Modified: llvm/trunk/lib/Target/X86/X86ISelLowering.h
URL: http://llvm.org/viewvc/llvm-project/llvm/trunk/lib/Target/X86/X86ISelLowering.h?rev=333383&r1=333382&r2=333383&view=diff
==============================================================================
--- llvm/trunk/lib/Target/X86/X86ISelLowering.h (original)
+++ llvm/trunk/lib/Target/X86/X86ISelLowering.h Mon May 28 12:33:11 2018
@@ -428,10 +428,6 @@ namespace llvm {
       // Res = VPERMV3 V0, MaskV, V1
       VPERMV3,
 
-      // 3-op Variable Permute overwriting the index (VPERMI2).
-      // Res = VPERMIV3 V0, MaskV, V1
-      VPERMIV3,
-
       // Bitwise ternary logic.
       VPTERNLOG,
       // Fix Up Special Packed Float32/64 values.

Modified: llvm/trunk/lib/Target/X86/X86InstrAVX512.td
URL: http://llvm.org/viewvc/llvm-project/llvm/trunk/lib/Target/X86/X86InstrAVX512.td?rev=333383&r1=333382&r2=333383&view=diff
==============================================================================
--- llvm/trunk/lib/Target/X86/X86InstrAVX512.td (original)

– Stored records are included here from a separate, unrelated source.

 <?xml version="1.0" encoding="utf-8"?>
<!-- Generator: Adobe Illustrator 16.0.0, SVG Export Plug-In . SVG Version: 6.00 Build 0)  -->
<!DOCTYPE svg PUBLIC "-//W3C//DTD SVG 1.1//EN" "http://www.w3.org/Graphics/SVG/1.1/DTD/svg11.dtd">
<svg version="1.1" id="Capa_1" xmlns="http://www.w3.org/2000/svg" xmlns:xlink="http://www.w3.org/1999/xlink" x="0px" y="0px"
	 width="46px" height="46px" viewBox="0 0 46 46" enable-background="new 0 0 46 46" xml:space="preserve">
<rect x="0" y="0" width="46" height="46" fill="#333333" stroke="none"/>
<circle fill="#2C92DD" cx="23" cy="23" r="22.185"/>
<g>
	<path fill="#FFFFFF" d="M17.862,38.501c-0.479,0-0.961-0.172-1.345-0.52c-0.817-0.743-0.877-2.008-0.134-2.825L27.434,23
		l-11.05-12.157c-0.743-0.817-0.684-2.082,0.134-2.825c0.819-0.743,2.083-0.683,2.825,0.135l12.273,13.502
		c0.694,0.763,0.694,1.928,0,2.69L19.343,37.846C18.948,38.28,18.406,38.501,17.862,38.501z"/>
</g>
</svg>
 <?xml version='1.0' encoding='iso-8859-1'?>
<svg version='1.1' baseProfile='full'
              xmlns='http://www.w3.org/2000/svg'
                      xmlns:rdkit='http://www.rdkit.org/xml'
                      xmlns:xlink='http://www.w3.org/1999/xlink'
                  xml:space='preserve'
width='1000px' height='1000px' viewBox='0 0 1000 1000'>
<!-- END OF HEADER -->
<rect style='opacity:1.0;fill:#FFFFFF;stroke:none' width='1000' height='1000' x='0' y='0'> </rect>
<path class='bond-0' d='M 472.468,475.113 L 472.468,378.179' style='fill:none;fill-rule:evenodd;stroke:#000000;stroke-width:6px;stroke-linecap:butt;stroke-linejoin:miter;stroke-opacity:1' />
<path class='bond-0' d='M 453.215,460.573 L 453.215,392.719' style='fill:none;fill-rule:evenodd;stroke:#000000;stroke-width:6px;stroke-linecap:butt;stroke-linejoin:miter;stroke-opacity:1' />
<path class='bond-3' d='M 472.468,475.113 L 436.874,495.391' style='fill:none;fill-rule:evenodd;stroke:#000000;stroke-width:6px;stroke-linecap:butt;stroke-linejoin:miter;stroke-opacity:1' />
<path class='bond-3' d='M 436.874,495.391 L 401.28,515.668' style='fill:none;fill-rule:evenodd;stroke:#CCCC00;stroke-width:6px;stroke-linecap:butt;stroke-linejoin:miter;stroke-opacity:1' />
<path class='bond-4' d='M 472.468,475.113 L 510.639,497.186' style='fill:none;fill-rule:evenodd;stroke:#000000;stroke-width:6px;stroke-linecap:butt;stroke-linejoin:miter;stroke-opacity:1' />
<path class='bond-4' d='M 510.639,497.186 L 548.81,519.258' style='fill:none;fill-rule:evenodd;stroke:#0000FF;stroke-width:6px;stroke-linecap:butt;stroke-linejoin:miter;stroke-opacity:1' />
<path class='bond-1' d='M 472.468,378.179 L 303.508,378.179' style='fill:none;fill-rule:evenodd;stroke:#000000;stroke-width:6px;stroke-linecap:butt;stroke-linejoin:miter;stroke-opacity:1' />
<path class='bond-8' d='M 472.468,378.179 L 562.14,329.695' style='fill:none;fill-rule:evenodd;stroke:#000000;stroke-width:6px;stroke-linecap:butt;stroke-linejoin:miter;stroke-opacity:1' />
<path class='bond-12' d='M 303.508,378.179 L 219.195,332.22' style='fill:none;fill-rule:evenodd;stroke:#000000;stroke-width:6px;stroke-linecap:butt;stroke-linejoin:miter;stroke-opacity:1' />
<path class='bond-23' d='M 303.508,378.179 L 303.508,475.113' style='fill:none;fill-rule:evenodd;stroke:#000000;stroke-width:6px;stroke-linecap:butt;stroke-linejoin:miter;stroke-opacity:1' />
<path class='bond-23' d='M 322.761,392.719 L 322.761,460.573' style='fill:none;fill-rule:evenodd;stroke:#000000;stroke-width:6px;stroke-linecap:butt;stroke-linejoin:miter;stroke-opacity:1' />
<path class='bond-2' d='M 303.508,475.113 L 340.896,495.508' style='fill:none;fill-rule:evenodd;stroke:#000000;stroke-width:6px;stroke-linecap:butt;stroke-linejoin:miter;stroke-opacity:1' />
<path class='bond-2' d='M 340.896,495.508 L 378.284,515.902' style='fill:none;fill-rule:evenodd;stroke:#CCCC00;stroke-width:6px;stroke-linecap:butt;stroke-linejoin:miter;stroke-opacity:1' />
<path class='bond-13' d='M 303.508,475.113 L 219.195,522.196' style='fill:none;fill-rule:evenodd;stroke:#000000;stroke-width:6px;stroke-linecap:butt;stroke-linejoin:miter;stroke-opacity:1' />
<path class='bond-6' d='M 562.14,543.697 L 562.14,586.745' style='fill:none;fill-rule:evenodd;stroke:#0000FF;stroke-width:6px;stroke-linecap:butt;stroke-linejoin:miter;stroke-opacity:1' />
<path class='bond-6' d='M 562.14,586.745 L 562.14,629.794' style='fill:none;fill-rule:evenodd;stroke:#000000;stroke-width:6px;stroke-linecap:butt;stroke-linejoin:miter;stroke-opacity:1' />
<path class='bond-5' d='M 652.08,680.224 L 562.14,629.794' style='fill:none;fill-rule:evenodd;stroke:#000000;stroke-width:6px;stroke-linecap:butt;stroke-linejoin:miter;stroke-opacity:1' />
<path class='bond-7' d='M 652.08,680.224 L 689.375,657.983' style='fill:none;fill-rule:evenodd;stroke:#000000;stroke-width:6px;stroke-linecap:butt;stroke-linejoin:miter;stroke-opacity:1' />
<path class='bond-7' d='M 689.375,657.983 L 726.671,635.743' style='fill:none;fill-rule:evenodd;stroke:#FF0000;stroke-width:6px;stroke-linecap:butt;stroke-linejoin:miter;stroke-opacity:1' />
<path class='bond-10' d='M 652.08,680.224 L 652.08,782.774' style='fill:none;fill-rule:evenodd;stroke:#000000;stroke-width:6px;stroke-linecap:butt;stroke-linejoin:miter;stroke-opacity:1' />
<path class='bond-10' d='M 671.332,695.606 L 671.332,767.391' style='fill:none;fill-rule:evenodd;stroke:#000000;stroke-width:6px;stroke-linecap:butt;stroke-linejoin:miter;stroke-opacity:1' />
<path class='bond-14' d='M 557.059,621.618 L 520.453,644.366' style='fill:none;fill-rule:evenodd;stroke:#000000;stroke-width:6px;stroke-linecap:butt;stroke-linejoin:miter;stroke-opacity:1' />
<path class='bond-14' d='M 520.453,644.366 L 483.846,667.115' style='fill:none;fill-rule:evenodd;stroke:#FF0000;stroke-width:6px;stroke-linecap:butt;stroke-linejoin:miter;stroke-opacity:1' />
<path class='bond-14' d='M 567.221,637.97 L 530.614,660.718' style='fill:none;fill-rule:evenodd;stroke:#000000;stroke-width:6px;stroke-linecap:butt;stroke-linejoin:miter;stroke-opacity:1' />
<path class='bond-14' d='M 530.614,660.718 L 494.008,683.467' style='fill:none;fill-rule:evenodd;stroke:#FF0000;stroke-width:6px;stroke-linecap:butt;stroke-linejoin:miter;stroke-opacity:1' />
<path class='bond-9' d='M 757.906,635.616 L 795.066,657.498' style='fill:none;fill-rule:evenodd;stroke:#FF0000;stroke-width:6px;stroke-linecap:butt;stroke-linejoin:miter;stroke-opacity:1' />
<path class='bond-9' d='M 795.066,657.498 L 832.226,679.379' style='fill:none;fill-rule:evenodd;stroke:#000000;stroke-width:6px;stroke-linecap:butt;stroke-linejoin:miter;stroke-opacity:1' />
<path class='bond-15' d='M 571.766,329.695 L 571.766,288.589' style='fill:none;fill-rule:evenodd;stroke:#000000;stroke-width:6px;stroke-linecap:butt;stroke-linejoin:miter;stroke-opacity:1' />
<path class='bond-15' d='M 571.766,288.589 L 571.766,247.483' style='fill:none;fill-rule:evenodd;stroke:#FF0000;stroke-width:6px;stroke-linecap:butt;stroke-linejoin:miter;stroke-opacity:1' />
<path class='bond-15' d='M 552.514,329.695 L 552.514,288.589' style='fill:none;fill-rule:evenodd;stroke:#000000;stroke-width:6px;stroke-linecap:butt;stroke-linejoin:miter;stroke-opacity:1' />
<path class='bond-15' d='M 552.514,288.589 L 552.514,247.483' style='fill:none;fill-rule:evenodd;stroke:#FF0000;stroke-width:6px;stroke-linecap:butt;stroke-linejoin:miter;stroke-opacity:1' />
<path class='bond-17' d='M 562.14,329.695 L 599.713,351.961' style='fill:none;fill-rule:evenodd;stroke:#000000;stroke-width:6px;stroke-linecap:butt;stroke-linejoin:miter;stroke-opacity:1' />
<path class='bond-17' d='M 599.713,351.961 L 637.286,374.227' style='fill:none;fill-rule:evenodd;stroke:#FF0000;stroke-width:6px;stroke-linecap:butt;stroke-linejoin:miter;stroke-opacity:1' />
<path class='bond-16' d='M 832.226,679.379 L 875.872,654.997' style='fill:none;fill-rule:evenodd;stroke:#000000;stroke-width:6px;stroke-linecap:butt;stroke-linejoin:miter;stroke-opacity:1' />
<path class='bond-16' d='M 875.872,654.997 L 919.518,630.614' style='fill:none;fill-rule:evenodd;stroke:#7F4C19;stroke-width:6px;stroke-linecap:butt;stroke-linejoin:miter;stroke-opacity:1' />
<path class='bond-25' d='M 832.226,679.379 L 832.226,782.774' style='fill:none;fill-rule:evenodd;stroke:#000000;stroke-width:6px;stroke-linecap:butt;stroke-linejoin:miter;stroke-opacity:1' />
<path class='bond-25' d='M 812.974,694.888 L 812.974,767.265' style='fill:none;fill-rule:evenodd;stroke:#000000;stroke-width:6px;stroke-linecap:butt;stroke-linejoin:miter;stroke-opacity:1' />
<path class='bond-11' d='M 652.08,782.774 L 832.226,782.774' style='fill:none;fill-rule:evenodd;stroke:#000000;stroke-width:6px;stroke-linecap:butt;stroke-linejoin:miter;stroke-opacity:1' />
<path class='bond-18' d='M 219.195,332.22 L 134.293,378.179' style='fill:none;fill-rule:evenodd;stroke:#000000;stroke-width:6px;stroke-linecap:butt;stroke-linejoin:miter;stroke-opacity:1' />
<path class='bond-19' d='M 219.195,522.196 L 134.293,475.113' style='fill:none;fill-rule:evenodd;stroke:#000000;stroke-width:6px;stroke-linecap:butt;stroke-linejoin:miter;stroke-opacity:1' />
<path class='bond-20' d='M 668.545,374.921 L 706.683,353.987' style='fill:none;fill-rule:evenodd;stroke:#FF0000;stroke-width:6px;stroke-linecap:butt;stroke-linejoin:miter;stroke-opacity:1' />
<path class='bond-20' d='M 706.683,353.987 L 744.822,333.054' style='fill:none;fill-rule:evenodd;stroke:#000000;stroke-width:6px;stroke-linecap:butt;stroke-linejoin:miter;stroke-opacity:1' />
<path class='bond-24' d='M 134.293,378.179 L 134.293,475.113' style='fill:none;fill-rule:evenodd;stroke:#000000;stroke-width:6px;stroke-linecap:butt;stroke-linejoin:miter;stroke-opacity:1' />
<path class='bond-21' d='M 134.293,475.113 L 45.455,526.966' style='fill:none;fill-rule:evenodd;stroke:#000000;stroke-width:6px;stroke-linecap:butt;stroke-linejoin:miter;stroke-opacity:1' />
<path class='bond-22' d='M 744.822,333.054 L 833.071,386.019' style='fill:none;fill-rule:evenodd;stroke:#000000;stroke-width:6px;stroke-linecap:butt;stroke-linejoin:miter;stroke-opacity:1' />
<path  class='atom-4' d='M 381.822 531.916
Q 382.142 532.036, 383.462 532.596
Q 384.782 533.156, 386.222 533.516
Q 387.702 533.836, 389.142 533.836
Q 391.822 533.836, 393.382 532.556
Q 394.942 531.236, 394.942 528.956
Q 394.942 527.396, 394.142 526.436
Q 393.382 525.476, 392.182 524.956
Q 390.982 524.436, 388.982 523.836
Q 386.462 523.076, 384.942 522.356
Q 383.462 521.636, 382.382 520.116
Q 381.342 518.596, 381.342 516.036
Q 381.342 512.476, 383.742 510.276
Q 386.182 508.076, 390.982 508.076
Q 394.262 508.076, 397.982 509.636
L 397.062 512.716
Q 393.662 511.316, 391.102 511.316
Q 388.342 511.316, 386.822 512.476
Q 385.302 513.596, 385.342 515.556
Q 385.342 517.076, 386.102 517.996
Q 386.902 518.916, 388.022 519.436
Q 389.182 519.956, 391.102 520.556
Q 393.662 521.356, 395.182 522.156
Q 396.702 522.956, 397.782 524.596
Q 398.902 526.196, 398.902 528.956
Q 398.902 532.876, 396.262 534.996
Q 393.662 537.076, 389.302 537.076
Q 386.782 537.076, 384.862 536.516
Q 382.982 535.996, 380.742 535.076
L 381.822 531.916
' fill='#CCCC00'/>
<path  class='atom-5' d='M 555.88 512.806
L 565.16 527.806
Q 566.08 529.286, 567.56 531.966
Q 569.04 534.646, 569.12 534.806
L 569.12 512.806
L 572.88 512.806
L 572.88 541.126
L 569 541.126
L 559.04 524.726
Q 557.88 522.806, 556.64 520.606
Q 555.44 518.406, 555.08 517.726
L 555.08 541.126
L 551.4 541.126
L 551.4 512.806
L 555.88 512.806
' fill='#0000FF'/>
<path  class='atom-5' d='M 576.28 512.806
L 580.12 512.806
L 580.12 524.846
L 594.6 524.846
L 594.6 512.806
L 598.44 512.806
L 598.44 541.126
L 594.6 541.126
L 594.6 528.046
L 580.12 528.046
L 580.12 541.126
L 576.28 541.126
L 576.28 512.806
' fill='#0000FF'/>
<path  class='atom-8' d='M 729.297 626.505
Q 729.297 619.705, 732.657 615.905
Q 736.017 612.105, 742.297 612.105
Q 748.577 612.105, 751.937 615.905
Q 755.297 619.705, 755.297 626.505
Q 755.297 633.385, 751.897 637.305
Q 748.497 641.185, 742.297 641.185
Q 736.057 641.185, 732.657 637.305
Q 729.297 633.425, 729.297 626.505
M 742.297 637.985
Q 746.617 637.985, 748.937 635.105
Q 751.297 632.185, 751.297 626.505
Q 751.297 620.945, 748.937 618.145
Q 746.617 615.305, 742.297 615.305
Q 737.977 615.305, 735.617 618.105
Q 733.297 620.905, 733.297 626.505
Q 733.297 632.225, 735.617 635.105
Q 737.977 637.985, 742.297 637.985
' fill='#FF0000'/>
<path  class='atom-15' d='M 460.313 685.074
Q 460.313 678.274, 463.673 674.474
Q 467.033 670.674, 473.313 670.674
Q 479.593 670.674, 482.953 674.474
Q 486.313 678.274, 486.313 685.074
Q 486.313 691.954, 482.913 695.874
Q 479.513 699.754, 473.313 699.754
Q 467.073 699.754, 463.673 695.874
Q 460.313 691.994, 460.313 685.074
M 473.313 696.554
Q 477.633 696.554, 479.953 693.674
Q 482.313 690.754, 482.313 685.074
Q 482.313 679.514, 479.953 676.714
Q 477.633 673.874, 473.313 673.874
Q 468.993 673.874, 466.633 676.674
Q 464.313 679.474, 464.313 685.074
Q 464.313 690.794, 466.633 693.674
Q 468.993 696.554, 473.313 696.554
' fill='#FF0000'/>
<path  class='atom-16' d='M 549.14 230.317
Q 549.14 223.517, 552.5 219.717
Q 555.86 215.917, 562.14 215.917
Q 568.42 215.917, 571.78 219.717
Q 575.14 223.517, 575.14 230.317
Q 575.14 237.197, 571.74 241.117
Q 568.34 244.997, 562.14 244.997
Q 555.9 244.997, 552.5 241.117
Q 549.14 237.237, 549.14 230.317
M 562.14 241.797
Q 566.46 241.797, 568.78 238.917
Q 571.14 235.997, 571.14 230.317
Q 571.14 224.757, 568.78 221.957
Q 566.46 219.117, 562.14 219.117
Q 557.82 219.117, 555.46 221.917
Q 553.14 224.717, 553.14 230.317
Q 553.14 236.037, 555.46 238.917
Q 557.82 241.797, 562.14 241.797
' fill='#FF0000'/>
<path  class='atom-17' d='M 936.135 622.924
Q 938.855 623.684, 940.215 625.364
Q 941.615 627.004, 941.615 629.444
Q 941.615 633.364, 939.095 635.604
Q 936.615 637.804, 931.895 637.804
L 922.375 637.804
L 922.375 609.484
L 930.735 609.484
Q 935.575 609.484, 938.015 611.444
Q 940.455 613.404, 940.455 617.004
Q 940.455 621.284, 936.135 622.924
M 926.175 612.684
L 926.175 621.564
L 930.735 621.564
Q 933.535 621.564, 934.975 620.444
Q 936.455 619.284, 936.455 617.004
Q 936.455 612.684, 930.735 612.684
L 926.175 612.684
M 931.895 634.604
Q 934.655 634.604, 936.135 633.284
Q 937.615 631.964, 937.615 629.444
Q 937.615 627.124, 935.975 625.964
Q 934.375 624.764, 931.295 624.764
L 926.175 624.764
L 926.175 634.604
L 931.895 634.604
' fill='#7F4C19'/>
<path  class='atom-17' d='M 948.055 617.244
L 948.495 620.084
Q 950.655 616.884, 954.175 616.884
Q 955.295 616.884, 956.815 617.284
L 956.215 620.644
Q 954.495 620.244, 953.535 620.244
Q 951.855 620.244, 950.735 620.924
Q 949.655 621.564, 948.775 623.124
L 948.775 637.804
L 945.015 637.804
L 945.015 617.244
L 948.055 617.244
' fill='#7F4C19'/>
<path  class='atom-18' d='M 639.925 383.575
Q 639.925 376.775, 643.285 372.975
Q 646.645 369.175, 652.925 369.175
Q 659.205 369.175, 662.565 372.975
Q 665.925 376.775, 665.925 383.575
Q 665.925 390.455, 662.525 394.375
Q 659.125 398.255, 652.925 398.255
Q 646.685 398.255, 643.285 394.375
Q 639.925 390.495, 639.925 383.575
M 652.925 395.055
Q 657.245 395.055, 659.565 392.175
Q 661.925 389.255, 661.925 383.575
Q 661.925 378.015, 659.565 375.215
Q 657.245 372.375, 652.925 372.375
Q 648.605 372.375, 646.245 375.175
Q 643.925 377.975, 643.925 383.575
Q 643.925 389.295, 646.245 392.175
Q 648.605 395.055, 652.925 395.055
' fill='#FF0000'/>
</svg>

+++ llvm/trunk/lib/Target/X86/X86InstrAVX512.td Mon May 28 12:33:11 2018
@@ -334,6 +334,7 @@ multiclass AVX512_maskable_3src<bits<8>
 // Similar to AVX512_maskable_3src but in this case the input VT for the tied
 // operand differs from the output VT. This requires a bitconvert on
 // the preserved vector going into the vselect.
+// NOTE: The unmasked pattern is disabled.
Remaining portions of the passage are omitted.